Word Occurence within Document
This page will walk you through using Textractor to find all the occurrences of the word ‘Room’ in a document and visualize them overlayed on the document image.
Installation
To begin, install the amazon-textract-textractor
package using pip. This example requires rasterizing PDFs and using word embeddings to do fuzzy search therefore you need to run:
pip install amazon-textract-textractor[torch,pdf]
There are various sets of dependencies available to tailor your installation to your use case. You can read more on extra dependencies in the documentation
Calling Textract
We use the synchronous API for this example, but any all APIs would support this use case.
[7]:
import os
from textractor import Textractor
extractor = Textractor(profile_name="default")
document = extractor.detect_document_text(
file_source="../../../tests/fixtures/tutorial.pdf",
save_image=True
)
Retrieving word occurences
Words and lines can be search at the document and page level by calling the search_words()
and search_lines()
methods respectively.
[8]:
word_occurences = document.search_words(keyword="Room", top_k=15, similarity_threshold=0.5)

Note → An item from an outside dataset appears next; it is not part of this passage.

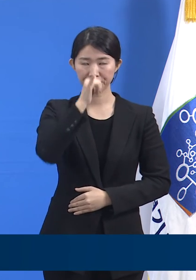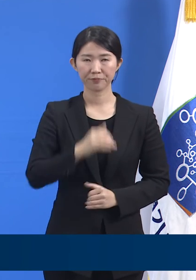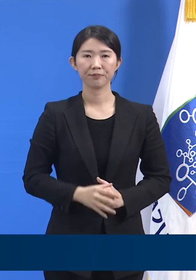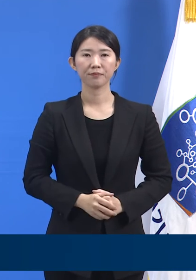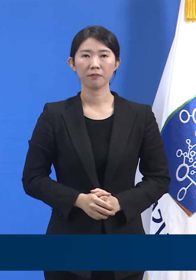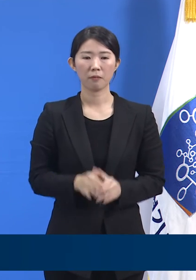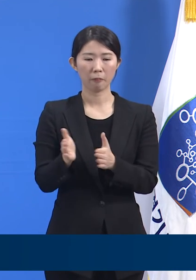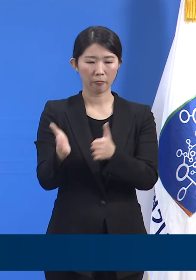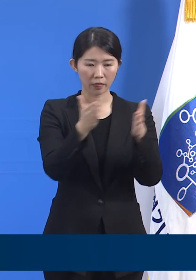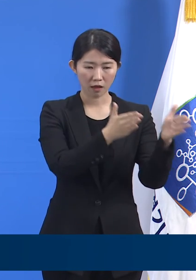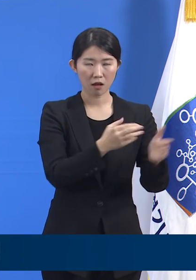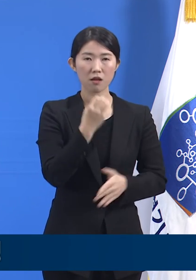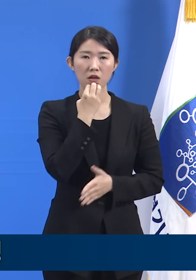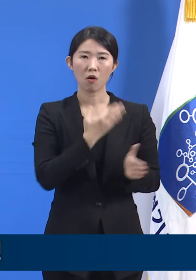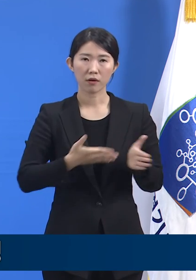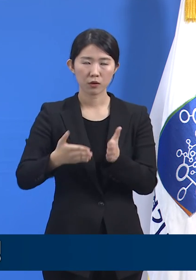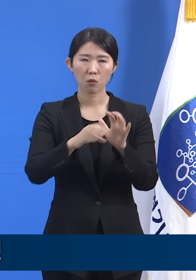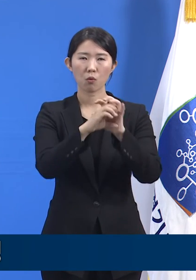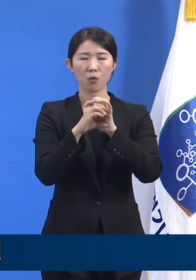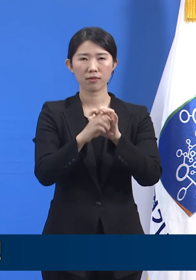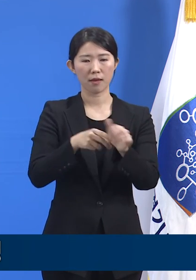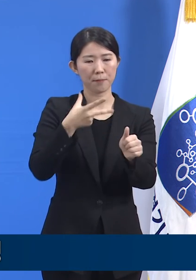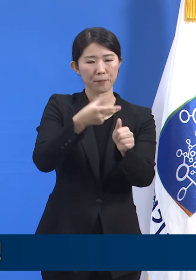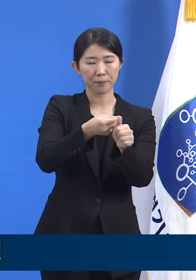경기도 코로나19 예방접종 현황입니다.

print("Number of occurences of the word Room in the document = ", len(word_occurences))
Find words on document page through visualize()
To identify the location of these words on the document, visualize()

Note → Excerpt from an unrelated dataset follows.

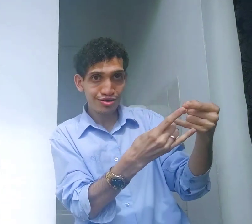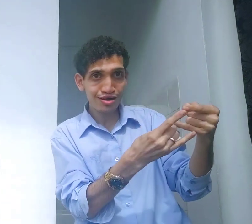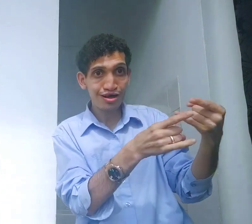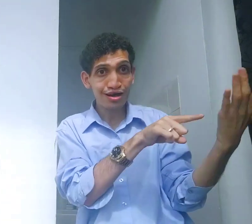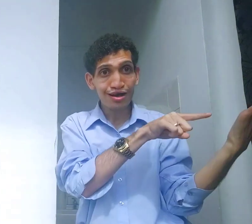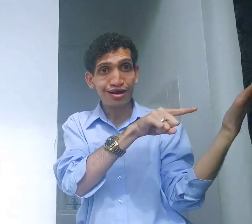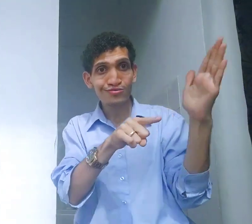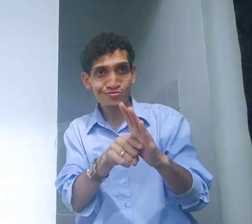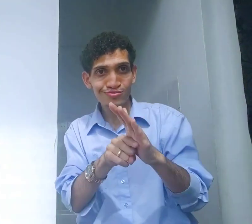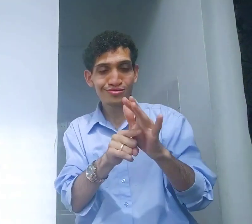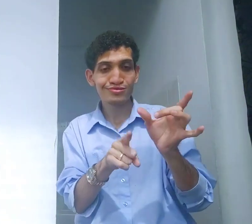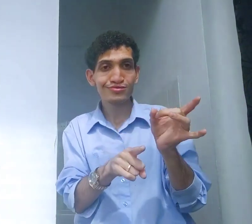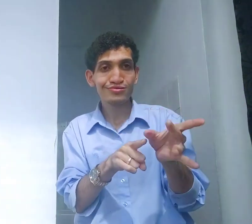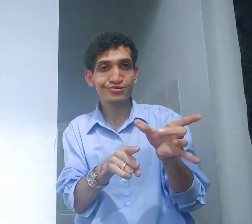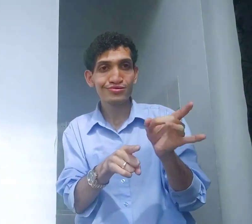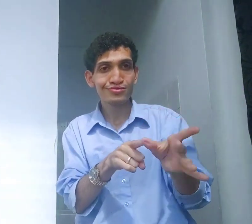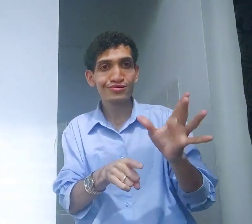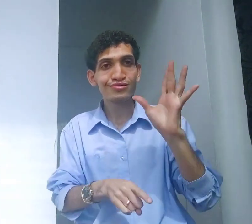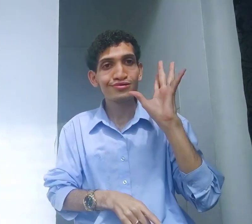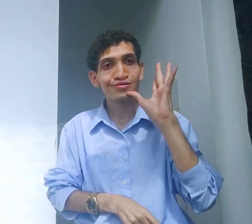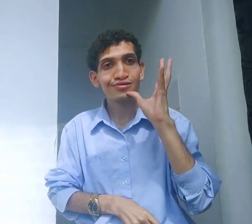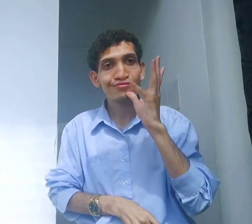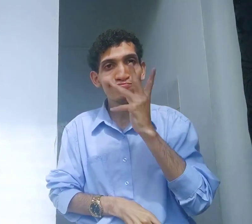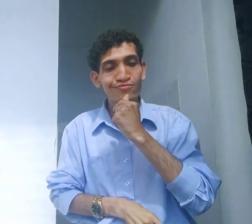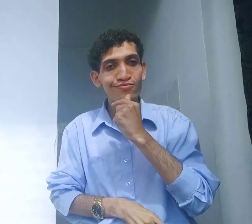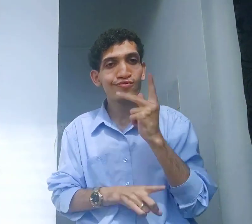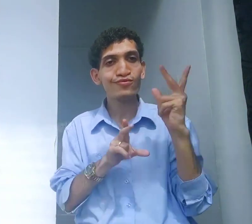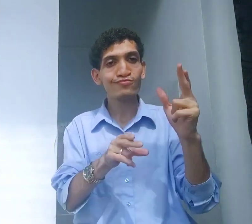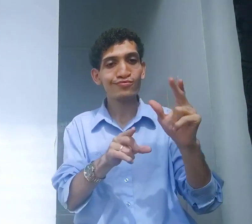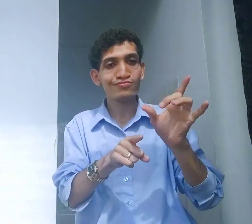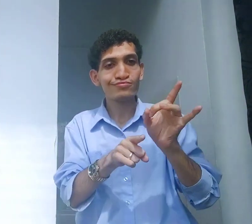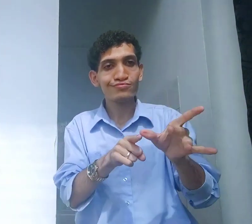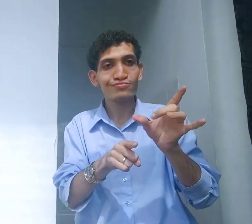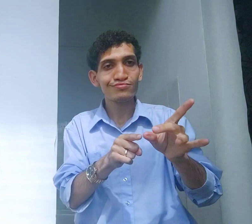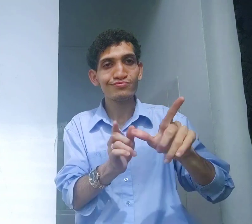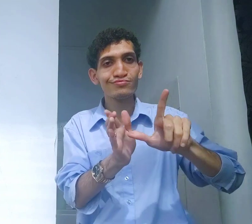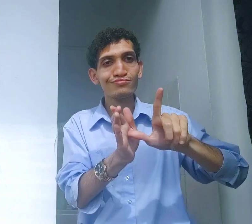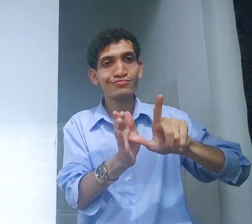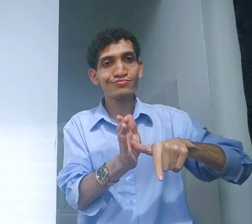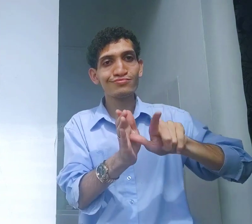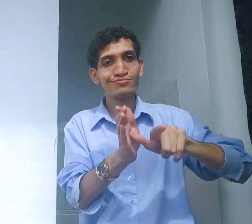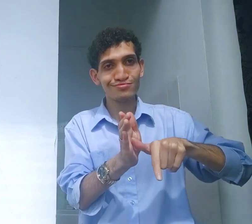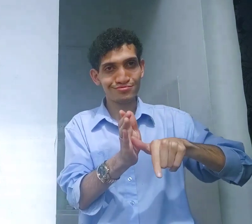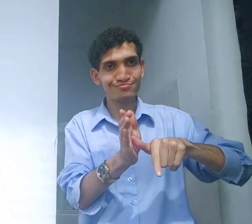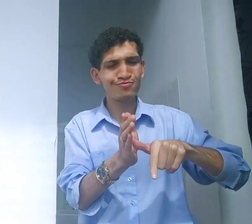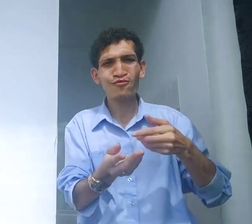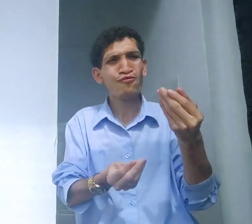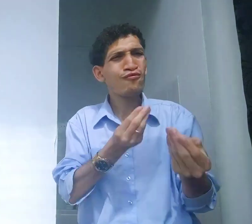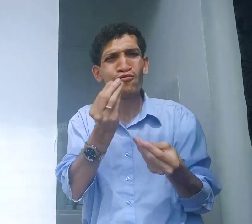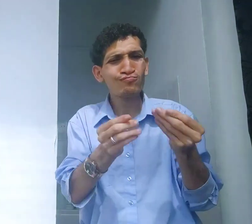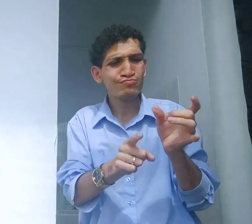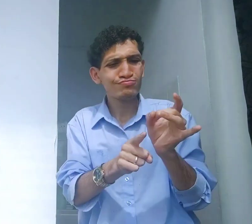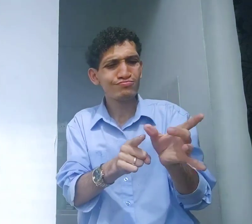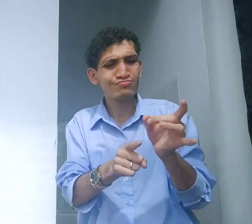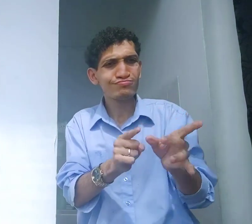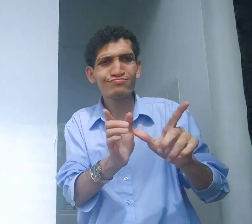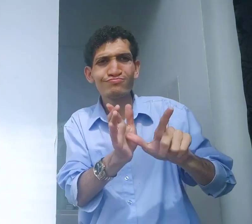por quê? Preservar e o ajuda, ejaculação retardar. Igual ejaculação retardar. Como

method can be called on the object returned by the search_words()
call. This returns PIL Images of the document that contains these word instances along with bounding boxes around these objects.
[11]:
word_occurences.visualize()
[11]:
What if you don’t want to use PyTorch?
PyTorch gives the most accurate results, but it also uses more compute resources and might be overkill for your use case. This is why Textractor comes built-in with other string matching algorithms.
[14]:
from textractor.data.constants import SimilarityMetric
word_occurences = document.search_words(
keyword="Room",
top_k=15,
similarity_threshold=0.5,
similarity_metric=SimilarityMetric.LEVENSHTEIN
)
print("Number of occurences of the word Room in the document = ", len(word_occurences))
Number of occurences of the word Room in the document = 10
[15]:
word_occurences.visualize()
[15]:
Conclusion
There are many more supported APIs and usecases in Textractor, if this did not address your use case, we encourage you to look at the other examples.